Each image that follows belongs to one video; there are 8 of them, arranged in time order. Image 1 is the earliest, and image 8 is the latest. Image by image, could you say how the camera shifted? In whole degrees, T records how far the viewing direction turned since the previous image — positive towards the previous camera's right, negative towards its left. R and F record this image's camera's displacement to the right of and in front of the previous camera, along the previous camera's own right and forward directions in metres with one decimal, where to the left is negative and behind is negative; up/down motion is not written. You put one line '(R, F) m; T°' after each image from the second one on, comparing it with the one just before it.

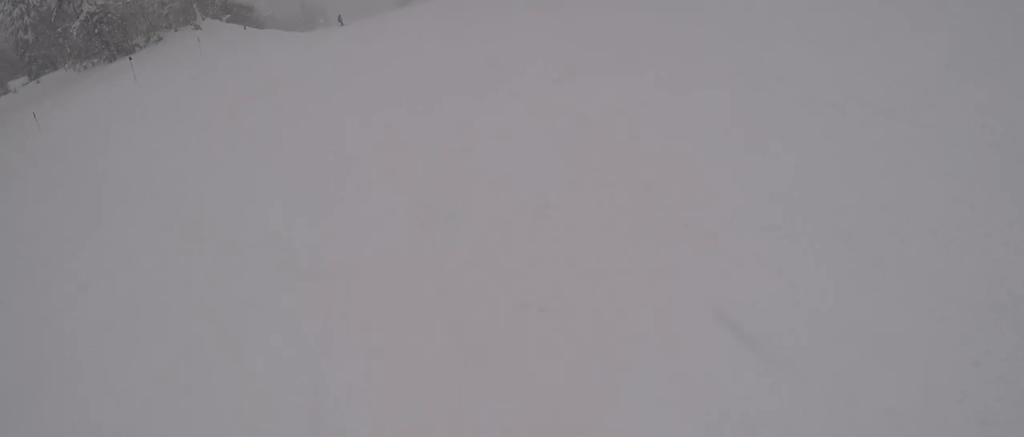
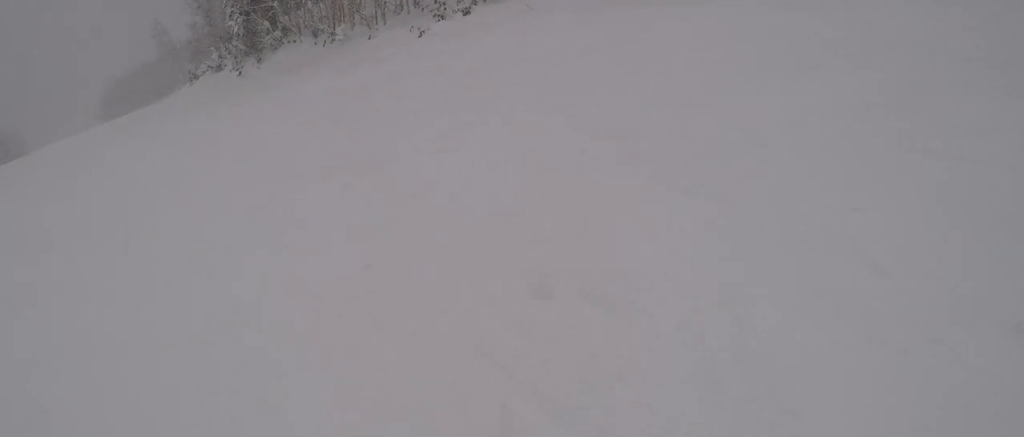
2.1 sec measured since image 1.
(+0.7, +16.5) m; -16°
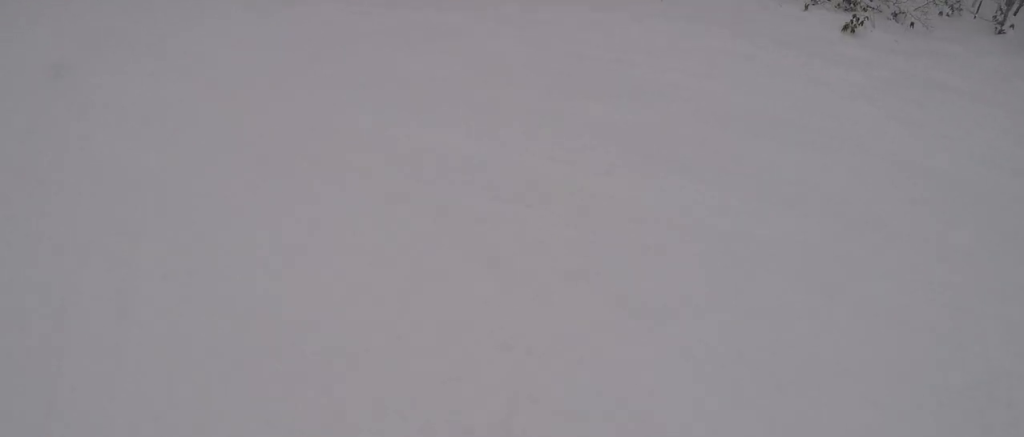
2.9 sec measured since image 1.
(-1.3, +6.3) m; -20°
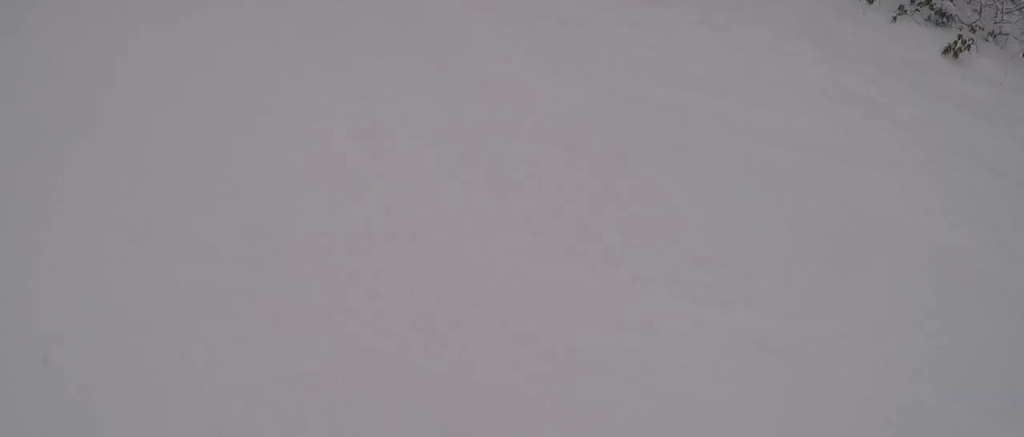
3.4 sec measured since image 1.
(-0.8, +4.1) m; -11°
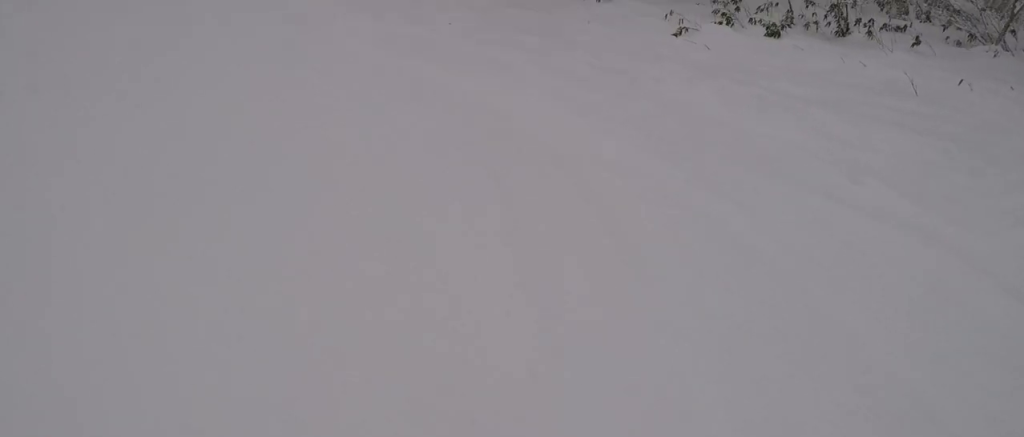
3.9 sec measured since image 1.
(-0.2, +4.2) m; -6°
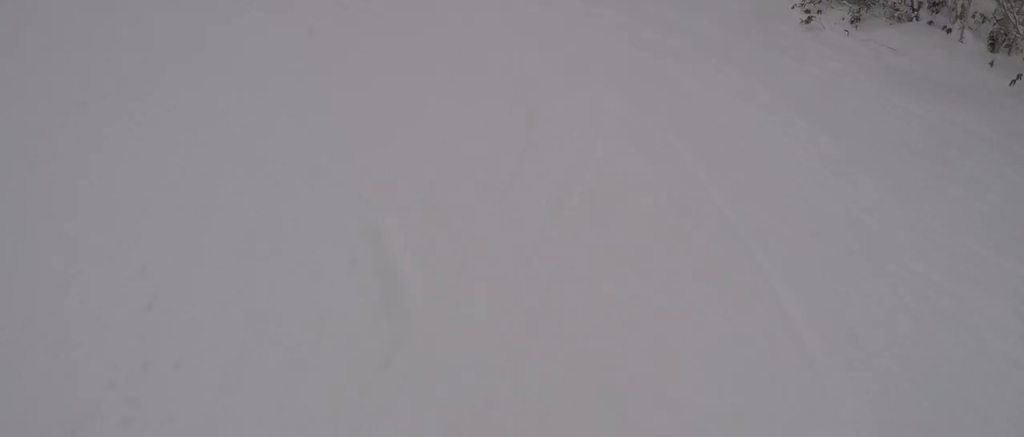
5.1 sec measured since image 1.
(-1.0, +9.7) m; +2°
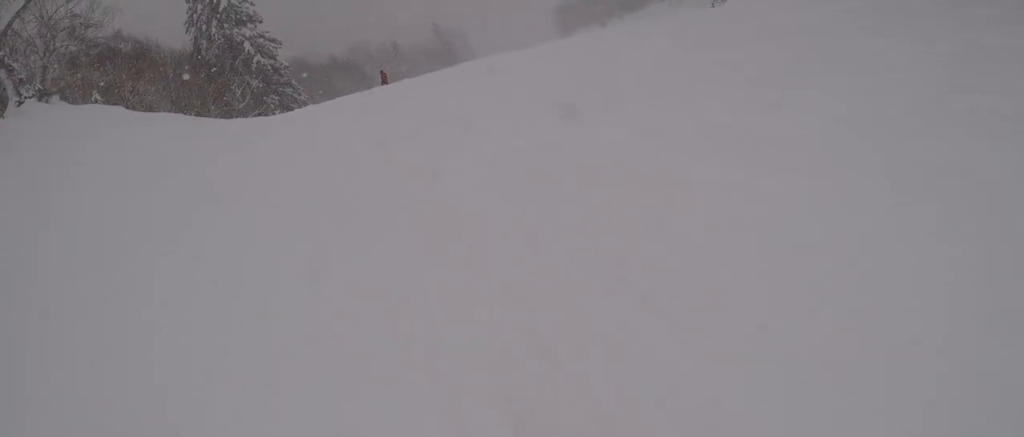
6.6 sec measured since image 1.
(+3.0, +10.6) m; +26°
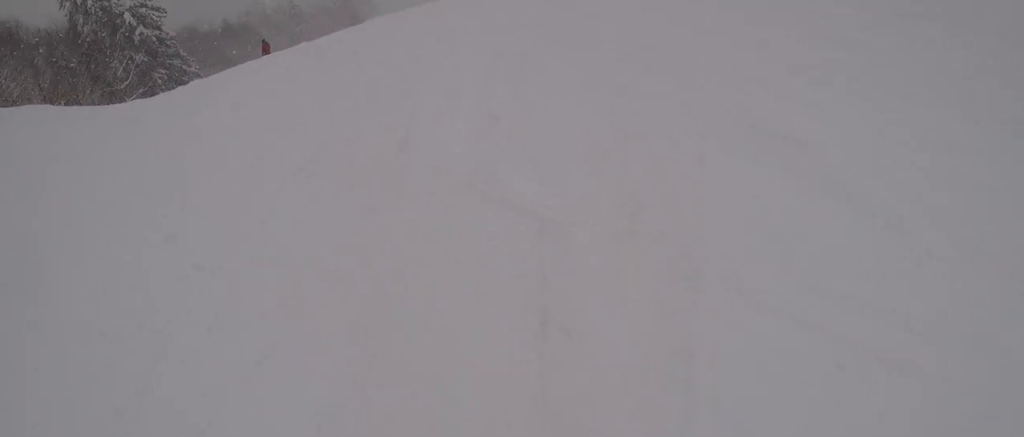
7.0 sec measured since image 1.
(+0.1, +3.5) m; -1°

========

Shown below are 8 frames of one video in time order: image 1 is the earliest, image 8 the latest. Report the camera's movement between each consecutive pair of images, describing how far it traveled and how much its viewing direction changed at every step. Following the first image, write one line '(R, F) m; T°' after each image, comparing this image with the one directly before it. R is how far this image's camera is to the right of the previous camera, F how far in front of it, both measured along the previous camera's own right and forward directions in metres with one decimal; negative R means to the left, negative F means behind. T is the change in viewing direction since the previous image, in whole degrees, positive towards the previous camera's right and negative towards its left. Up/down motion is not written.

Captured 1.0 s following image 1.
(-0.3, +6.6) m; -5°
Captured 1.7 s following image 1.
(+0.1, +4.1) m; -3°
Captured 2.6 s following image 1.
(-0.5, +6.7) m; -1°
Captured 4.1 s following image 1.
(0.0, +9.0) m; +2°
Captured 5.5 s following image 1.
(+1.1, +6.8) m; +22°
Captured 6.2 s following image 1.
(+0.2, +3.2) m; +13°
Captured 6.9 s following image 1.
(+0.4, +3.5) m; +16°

========

▶ Assignment:
The answer must be a single number: the count of lines above that contain "right".

▶ Solution to the exercise:
2